# My Non-Pencil Art



## PanzerschreckLeopard (Nov 23, 2009)

A few examples I'm proud of: A 1/35 Pz.Kpfw. V Panther, the truck from _Duel_, and a 1/35 Pz.Kpfw. VI Tiger.


----------



## Corto (Nov 23, 2009)

If there's one thing I love, that's myself. But if there's two things I love, those are myself and German tanks.


----------



## PanzerschreckLeopard (Nov 23, 2009)

The Tiger was painted after the ones in _Kelly's Heroes_. (Even though those in the film were disguised T-34's. XP)














But anyhow, here's my KV-2...


----------



## PanzerschreckLeopard (Nov 23, 2009)




----------



## PanzerschreckLeopard (Nov 29, 2009)

My 1/16 Scale Late Production Tiger I. Quite accurate, especially since it's made by 21st Century Toys. The only goofs were that it had smoke candles and a binocular gun Sight. Late models lacked the candles and had a monocular gun sight.

This is actually supposed to look like the Tiger my char, Panzerschreck, commands.

Insignia is that of 1st SS Division Leibstandarte SS Adolf Hitler. [Link]

Tracks are from a 1/18 Pz.Kpfw. IV I no longer use.

You can kinda tell where I cut off the smoke candles.

The six rings on the barrel: 60 kills.


----------



## PanzerschreckLeopard (Nov 29, 2009)




----------



## sakket (Nov 30, 2009)

man, now i gotta find a picture of the cardboard tank i wore to FC last year..


----------



## PanzerschreckLeopard (Dec 8, 2009)

XD Which kind of tank?


----------



## Taralack (Aug 13, 2010)

holy necro batman


----------



## Smelge (Aug 13, 2010)

Well, why not?

Ok, you need to work on your painting skills. By the looks of things, you're either painting straight onto the plastic, or you've not bothered with an undercoat. You can tell by the way you can see through some of the colours. Even if it's a rough camo-job, the paint should still be evenly applied. First off, you should be painting as much as possible on the sprue, before even assembling. Complex camo that goes across several parts, yeah, build it first, but at least get your first undercoat on with the sprue intact. Means you have places to hold without getting fingerprints on the paint.

Darker colours, undercoat black. Lighter colours, undercoat white. Use a spray undercoat for white, as it's tough to get an even white with pure paint. Next, possibly your paints are a little too thin.

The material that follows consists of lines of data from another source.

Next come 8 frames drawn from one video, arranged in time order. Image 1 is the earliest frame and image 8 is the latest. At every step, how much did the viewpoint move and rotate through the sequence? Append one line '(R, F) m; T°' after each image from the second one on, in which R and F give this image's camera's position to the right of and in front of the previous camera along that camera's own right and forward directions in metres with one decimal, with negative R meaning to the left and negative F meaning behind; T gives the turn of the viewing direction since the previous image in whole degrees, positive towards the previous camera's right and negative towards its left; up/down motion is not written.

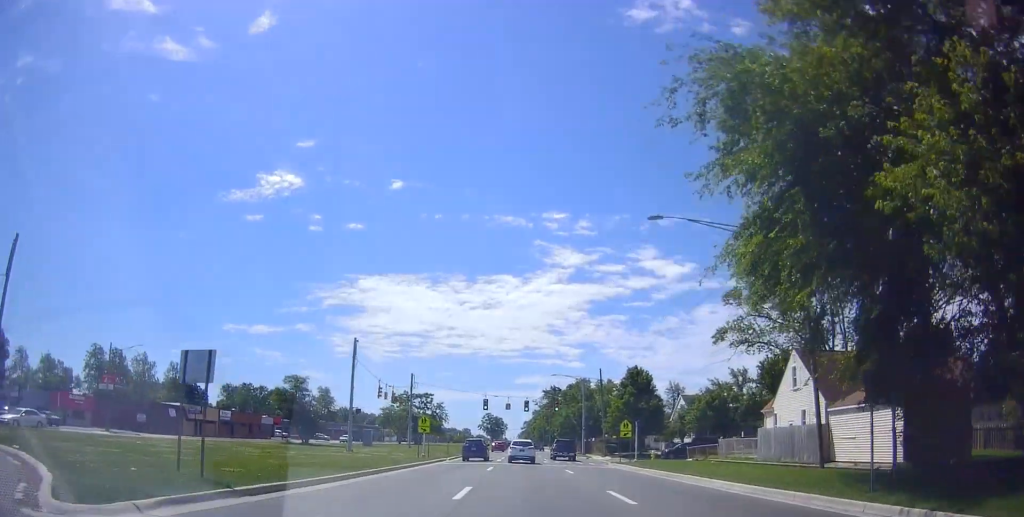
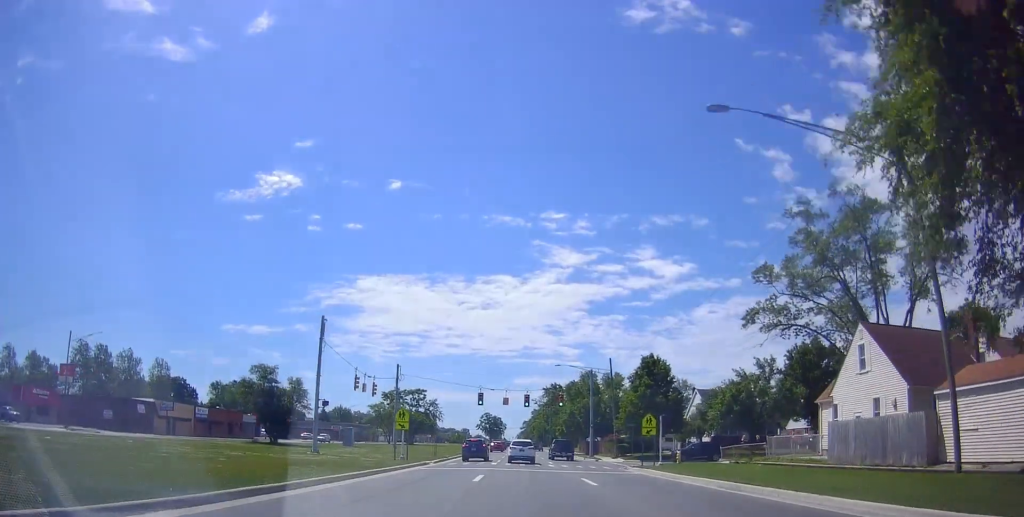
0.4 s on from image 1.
(+0.1, +8.6) m; 0°
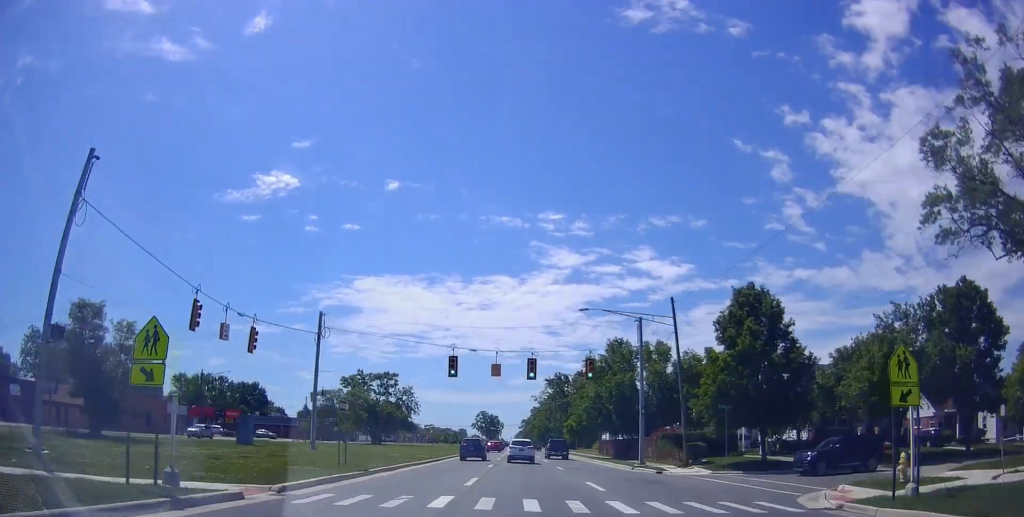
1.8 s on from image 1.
(+0.3, +27.0) m; -1°
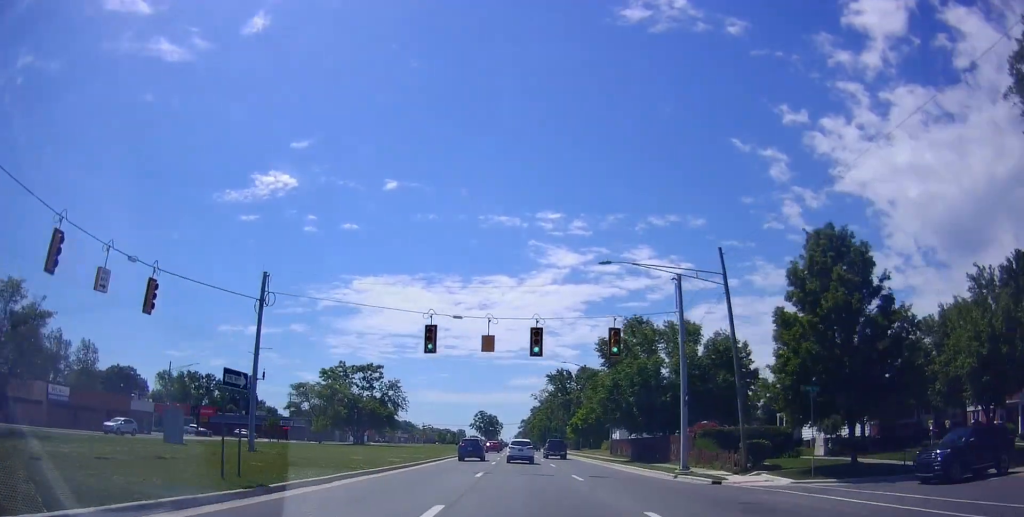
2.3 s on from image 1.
(-0.1, +9.9) m; -1°
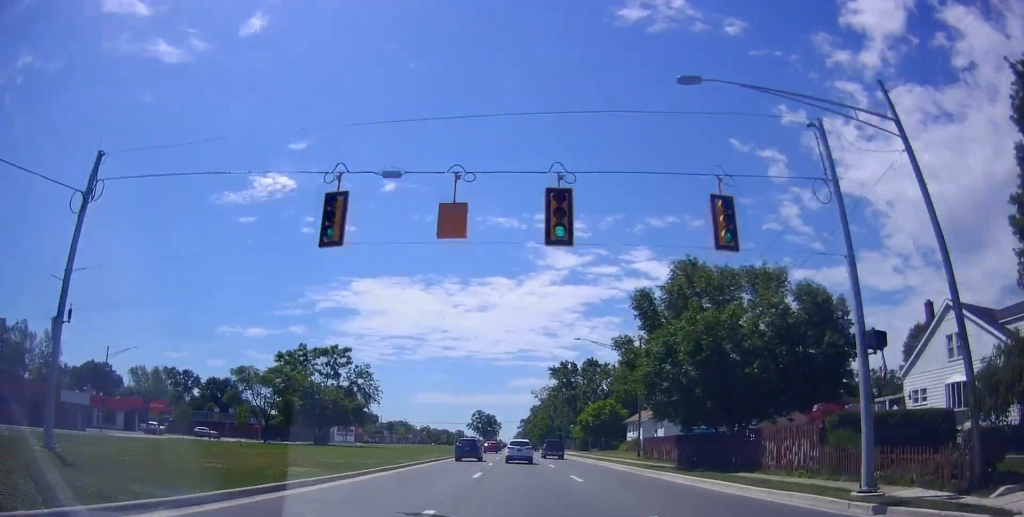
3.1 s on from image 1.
(-0.6, +15.8) m; 0°
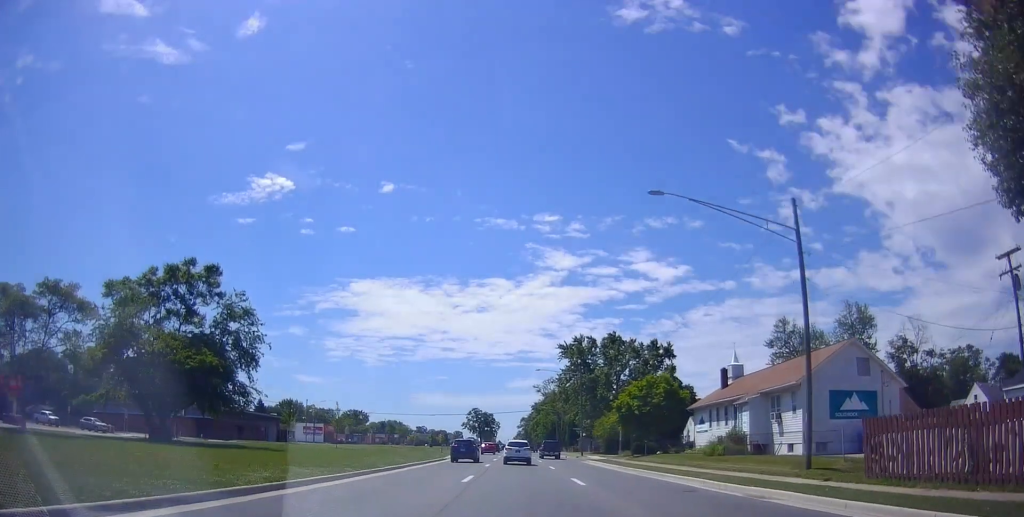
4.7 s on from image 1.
(+1.2, +31.7) m; +2°
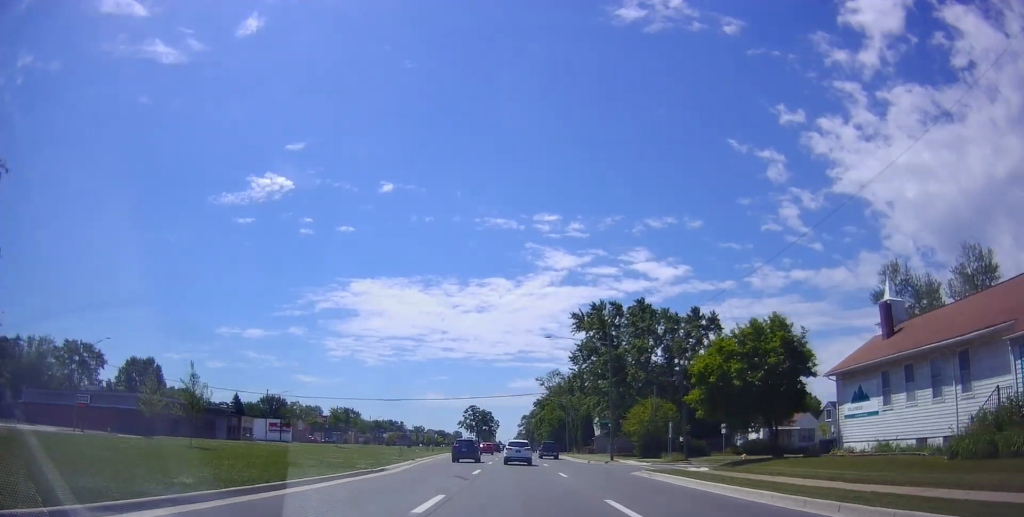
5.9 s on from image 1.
(0.0, +24.3) m; -2°
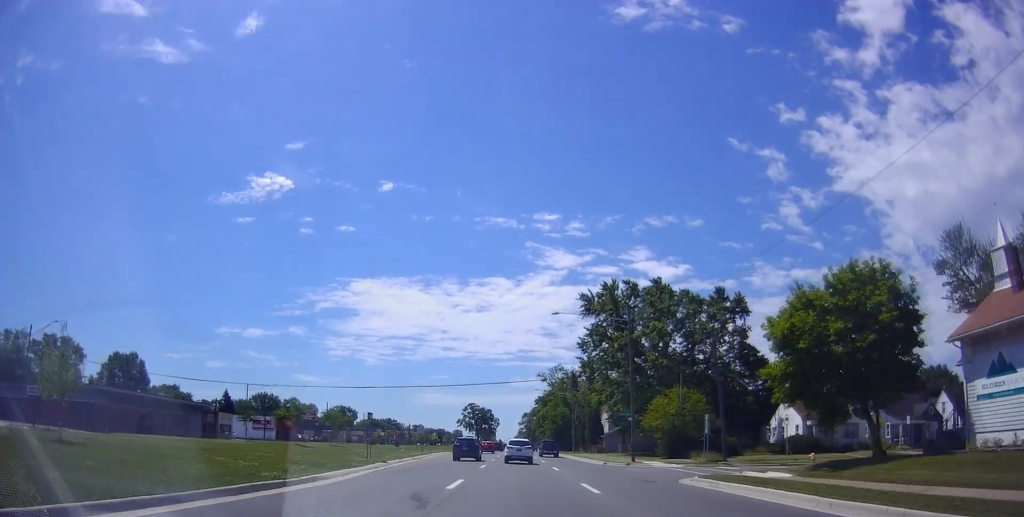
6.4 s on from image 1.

Chuck in a bit of PVA to thicken it up a bit, and hopefully get better coverage. And don't be afraid to go for multiple coats either. You want it nice and smooth when finished. Finally, hit it with a matt varnish. Keep it safe from paint chips without making it shiny.

Other ideas, get some really fine sand and glue it to the tank at the undercoat stage, and you get a pretty nice rusted texture. Muddy up the tracks. Look at pictures of real tanks in action, note how mud and dirt come off the tracks onto the bodywork and replicate. You want to make a wrecked or damaged tank? Again, reference. Using thin plasticard and a bit of heat works wonders for twisted metal.


----------



## Willow (Aug 13, 2010)

This would be cooler if it wasn't a necro.


----------



## Smelge (Aug 13, 2010)

Willow would be cooler if she wasn't a necro.


----------